#### [Records for this exercise]
========================

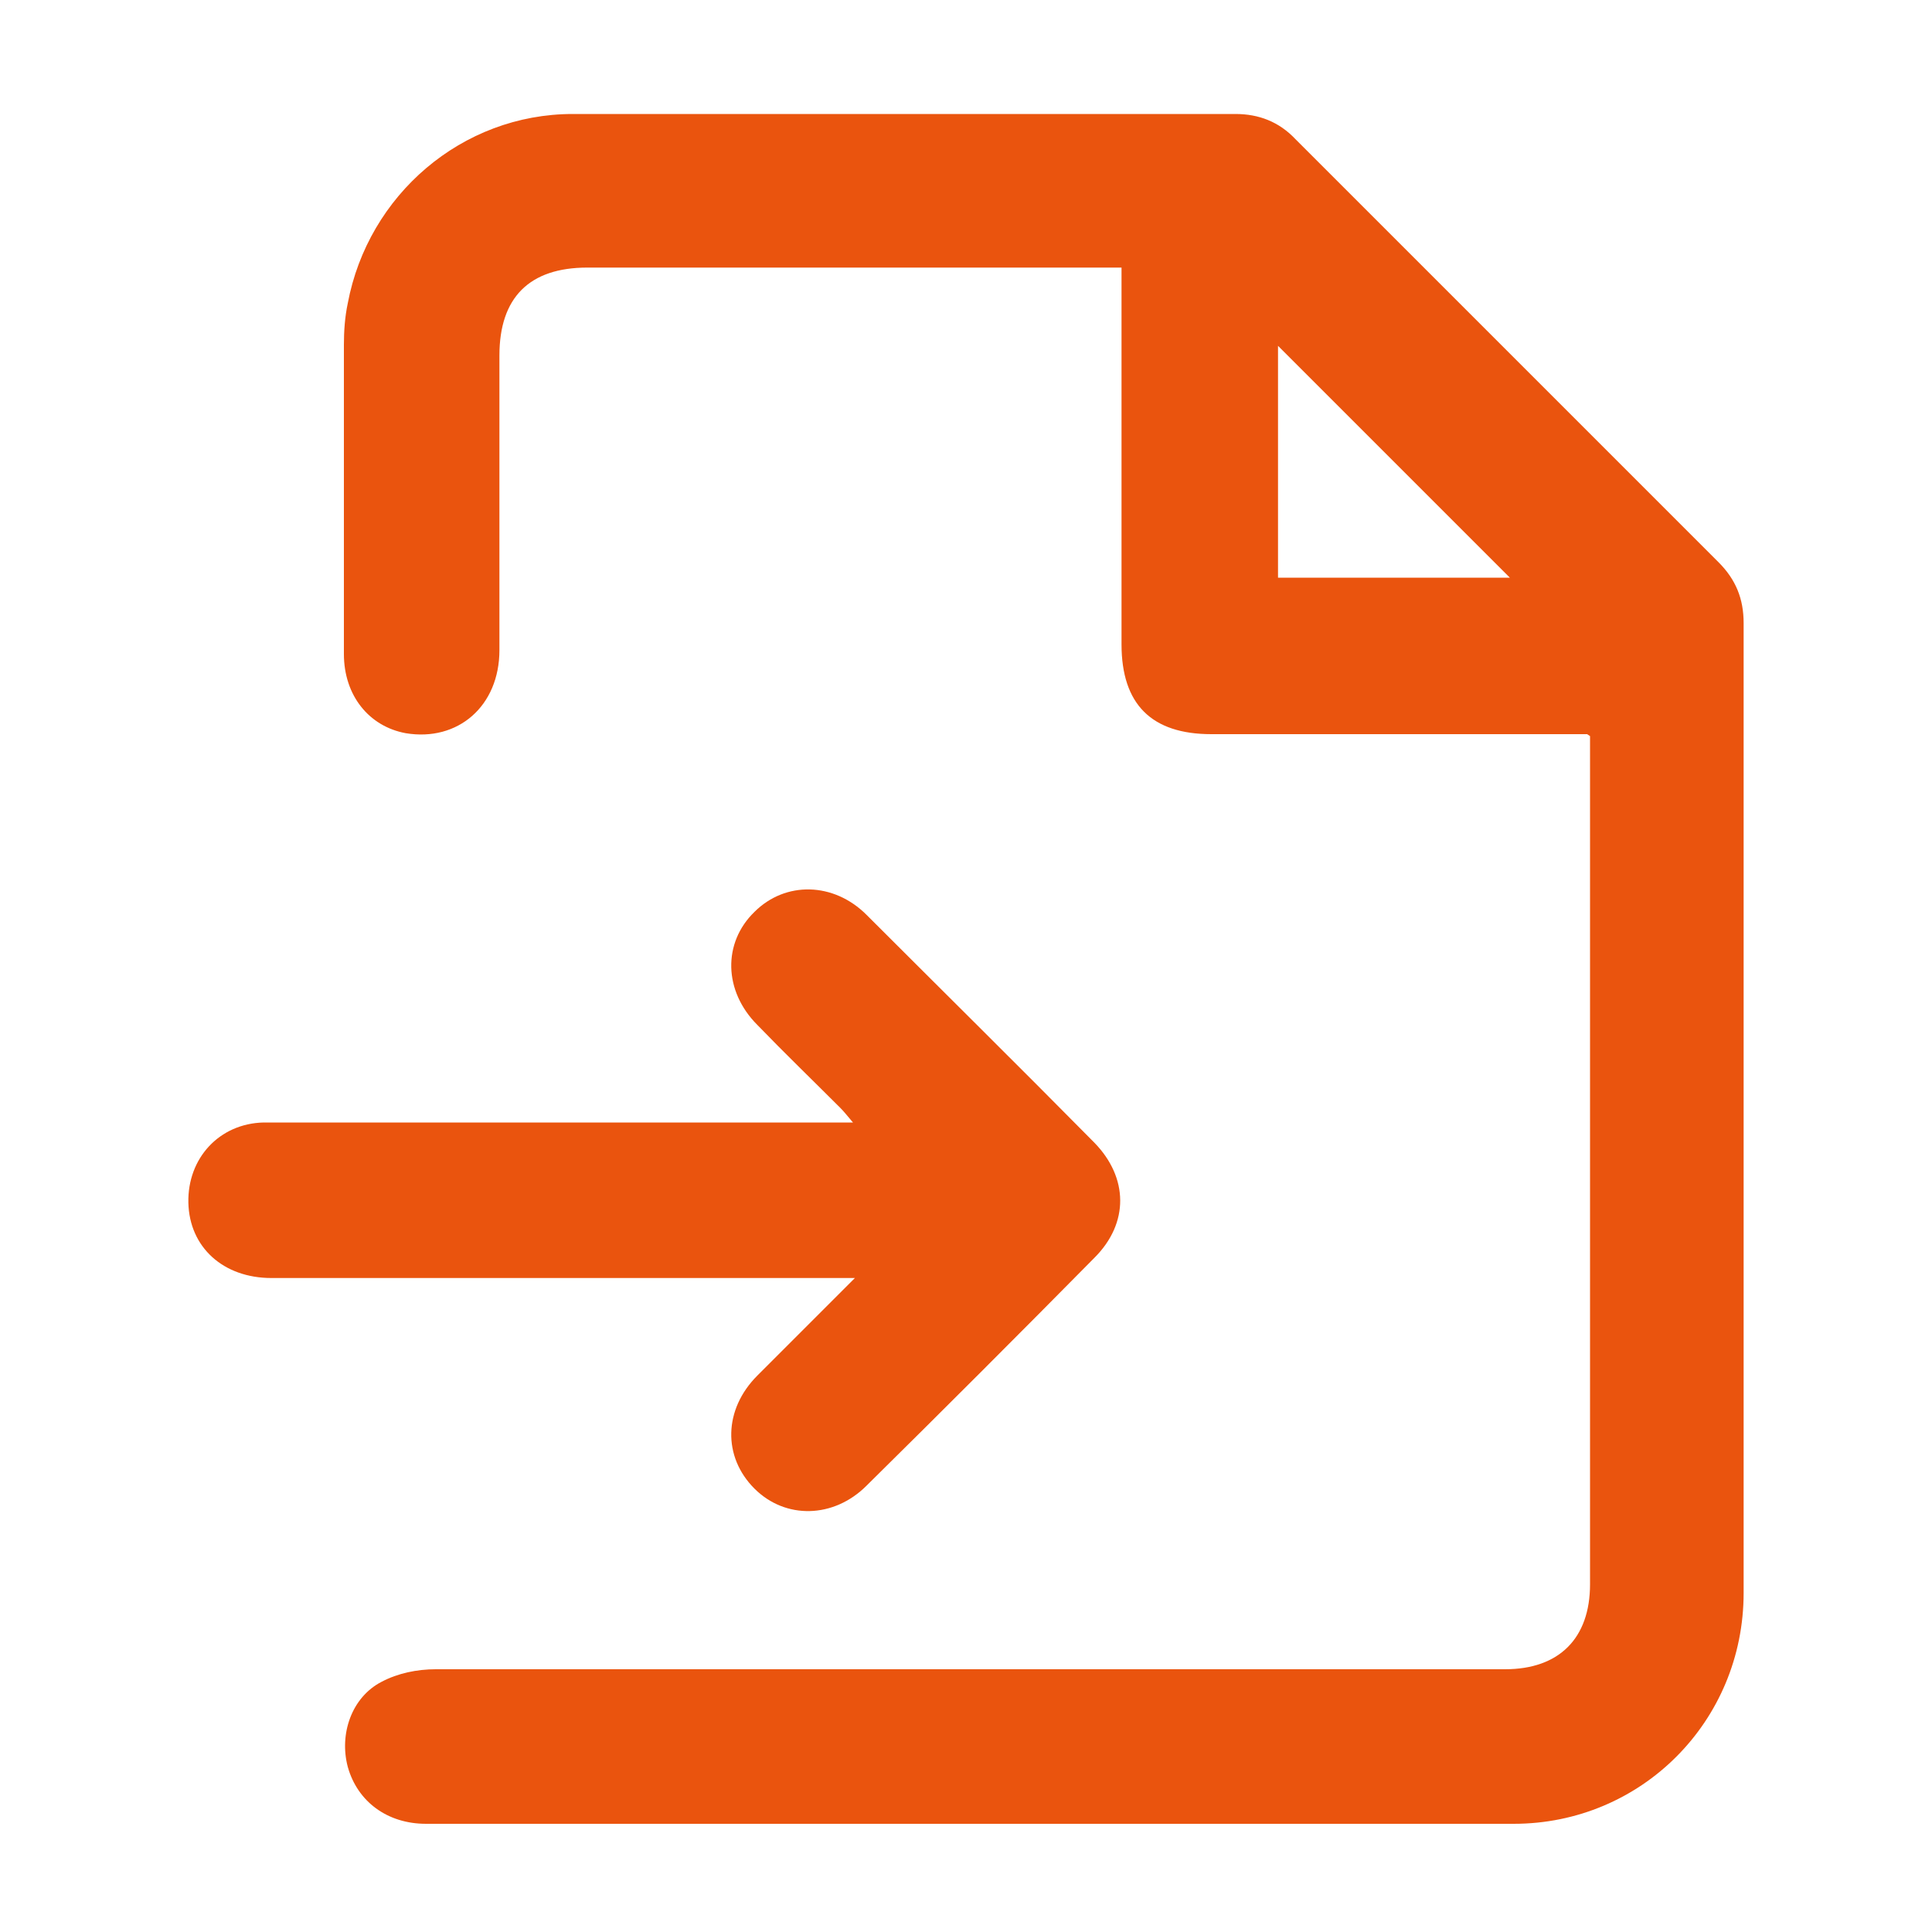<?xml version="1.0" encoding="UTF-8"?>
<svg xmlns="http://www.w3.org/2000/svg" version="1.1" viewBox="0 0 200 200">
  <defs>
    <style>
      .cls-1 {
        fill: #ea540e;
      }
    </style>
  </defs>
  <!-- Generator: Adobe Illustrator 28.6.0, SVG Export Plug-In . SVG Version: 1.2.0 Build 709)  -->
  <g>
    <g id="Layer_1">
      <g>
        <path class="cls-1" d="M164.3,76c-.9,0-1.7,0-2.5,0-12.1,0-24.2,0-36.4,0-6.2,0-9.3-3.1-9.3-9.3,0-12.1,0-24.2,0-36.4,0-.8,0-1.6,0-2.6-.8,0-1.5,0-2.2,0-17.7,0-35.4,0-53.1,0-6,0-9.1,3.1-9.1,9.1,0,10.2,0,20.3,0,30.5,0,5.8-4.3,9.5-9.7,8.6-3.8-.7-6.4-3.9-6.4-8.2,0-10.7,0-21.4,0-32,0-1.4.1-2.9.4-4.3,2.1-11.2,11.8-19.6,23.3-19.6,22.9,0,45.7,0,68.6,0,2.4,0,4.5.8,6.2,2.6,14.6,14.6,29.2,29.2,43.8,43.8,1.8,1.8,2.6,3.8,2.6,6.3,0,33.5,0,67,0,100.4,0,13.3-10.6,23.9-23.8,23.9-37.5,0-75.1,0-112.6,0-4,0-7.1-2.3-8.1-5.9-.9-3.4.4-7.2,3.5-8.8,1.7-.9,3.7-1.3,5.6-1.3,30.3,0,60.5,0,90.8,0,6.6,0,13.2,0,19.9,0,5.6,0,8.8-3.2,8.8-8.8,0-28.6,0-57.3,0-85.9,0-.5,0-1,0-1.9ZM132.3,35.8v24h24c-8-8-16-16-24-24Z"/>
        <path class="cls-1" d="M88.6,132.3c-1.3,0-2,0-2.7,0-19.3,0-38.5,0-57.8,0-5,0-8.5-3.2-8.6-7.8-.1-4.6,3.2-8.2,7.8-8.3,3.1,0,6.2,0,9.2,0,16.4,0,32.9,0,49.3,0h2.5c-.6-.7-.9-1.1-1.3-1.5-2.9-2.9-5.8-5.7-8.6-8.6-3.5-3.5-3.6-8.5-.3-11.7,3.2-3.2,8.2-3.1,11.6.3,7.9,7.9,15.8,15.7,23.6,23.6,3.5,3.6,3.6,8.3,0,11.9-7.8,7.9-15.7,15.8-23.6,23.6-3.4,3.4-8.4,3.5-11.6.3-3.3-3.3-3.2-8.2.3-11.7,3.2-3.2,6.5-6.5,10.1-10.1Z"/>
      </g>
    </g>
  </g>
</svg>

========================

#### [What to work on]
From the first line to the last, repeat the records exactly, leaving out the pictures.

#### [Solution to this task]
<?xml version="1.0" encoding="UTF-8"?>
<svg xmlns="http://www.w3.org/2000/svg" version="1.1" viewBox="0 0 200 200">
  <defs>
    <style>
      .cls-1 {
        fill: #ea540e;
      }
    </style>
  </defs>
  <!-- Generator: Adobe Illustrator 28.6.0, SVG Export Plug-In . SVG Version: 1.2.0 Build 709)  -->
  <g>
    <g id="Layer_1">
      <g>
        <path class="cls-1" d="M164.3,76c-.9,0-1.7,0-2.5,0-12.1,0-24.2,0-36.4,0-6.2,0-9.3-3.1-9.3-9.3,0-12.1,0-24.2,0-36.4,0-.8,0-1.6,0-2.6-.8,0-1.5,0-2.2,0-17.7,0-35.4,0-53.1,0-6,0-9.1,3.1-9.1,9.1,0,10.2,0,20.3,0,30.5,0,5.8-4.3,9.5-9.7,8.6-3.8-.7-6.4-3.9-6.4-8.2,0-10.7,0-21.4,0-32,0-1.4.1-2.9.4-4.3,2.1-11.2,11.8-19.6,23.3-19.6,22.9,0,45.7,0,68.6,0,2.4,0,4.5.8,6.2,2.6,14.6,14.6,29.2,29.2,43.8,43.8,1.8,1.8,2.6,3.8,2.6,6.3,0,33.5,0,67,0,100.4,0,13.3-10.6,23.9-23.8,23.9-37.5,0-75.1,0-112.6,0-4,0-7.1-2.3-8.1-5.9-.9-3.4.4-7.2,3.5-8.8,1.7-.9,3.7-1.3,5.6-1.3,30.3,0,60.5,0,90.8,0,6.6,0,13.2,0,19.9,0,5.6,0,8.8-3.2,8.8-8.8,0-28.6,0-57.3,0-85.9,0-.5,0-1,0-1.9ZM132.3,35.8v24h24c-8-8-16-16-24-24Z"/>
        <path class="cls-1" d="M88.6,132.3c-1.3,0-2,0-2.7,0-19.3,0-38.5,0-57.8,0-5,0-8.5-3.2-8.6-7.8-.1-4.6,3.2-8.2,7.8-8.3,3.1,0,6.2,0,9.2,0,16.4,0,32.9,0,49.3,0h2.5c-.6-.7-.9-1.1-1.3-1.5-2.9-2.9-5.8-5.7-8.6-8.6-3.5-3.5-3.6-8.5-.3-11.7,3.2-3.2,8.2-3.1,11.6.3,7.9,7.9,15.8,15.7,23.6,23.6,3.5,3.6,3.6,8.3,0,11.9-7.8,7.9-15.7,15.8-23.6,23.6-3.4,3.4-8.4,3.5-11.6.3-3.3-3.3-3.2-8.2.3-11.7,3.2-3.2,6.5-6.5,10.1-10.1Z"/>
      </g>
    </g>
  </g>
</svg>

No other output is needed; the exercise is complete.